ASSIGNMENT: The response should hold each line from the entries below where "lines" is found.

SUPPLIED MATERIAL:
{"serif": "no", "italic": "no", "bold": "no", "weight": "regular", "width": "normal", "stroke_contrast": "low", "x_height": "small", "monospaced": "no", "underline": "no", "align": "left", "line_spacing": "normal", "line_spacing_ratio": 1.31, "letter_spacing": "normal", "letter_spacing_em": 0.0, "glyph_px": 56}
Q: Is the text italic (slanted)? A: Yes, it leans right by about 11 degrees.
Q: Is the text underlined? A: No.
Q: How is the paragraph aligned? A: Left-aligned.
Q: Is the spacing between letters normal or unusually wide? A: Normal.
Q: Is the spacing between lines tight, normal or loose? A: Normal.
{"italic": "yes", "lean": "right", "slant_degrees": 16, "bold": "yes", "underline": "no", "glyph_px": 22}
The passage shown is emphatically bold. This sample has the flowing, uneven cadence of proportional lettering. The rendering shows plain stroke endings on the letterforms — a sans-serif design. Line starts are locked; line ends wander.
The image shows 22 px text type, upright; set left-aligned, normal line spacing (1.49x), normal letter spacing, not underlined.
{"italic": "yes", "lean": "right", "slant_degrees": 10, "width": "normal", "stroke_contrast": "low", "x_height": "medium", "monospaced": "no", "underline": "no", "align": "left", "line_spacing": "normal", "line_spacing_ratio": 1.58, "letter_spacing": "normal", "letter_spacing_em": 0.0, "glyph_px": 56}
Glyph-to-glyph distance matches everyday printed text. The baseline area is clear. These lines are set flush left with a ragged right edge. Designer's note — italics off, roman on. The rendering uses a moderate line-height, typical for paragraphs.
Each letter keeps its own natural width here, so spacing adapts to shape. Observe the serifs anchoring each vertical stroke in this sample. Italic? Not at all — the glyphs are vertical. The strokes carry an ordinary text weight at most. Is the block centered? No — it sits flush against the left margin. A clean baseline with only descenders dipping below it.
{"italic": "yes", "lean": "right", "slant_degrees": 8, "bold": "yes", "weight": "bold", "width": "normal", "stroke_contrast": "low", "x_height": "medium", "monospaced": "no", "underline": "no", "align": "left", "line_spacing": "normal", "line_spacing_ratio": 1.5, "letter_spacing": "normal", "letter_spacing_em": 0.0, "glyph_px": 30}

ANSWER SPACE:
Q: Is the spacing between lines tight, normal or loose? A: Normal.
Glyph-to-glyph distance matches everyday printed text. The baseline area is clear. These lines are set flush left with a ragged right edge. Designer's note — italics off, roman on. The rendering uses a moderate line-height, typical for paragraphs.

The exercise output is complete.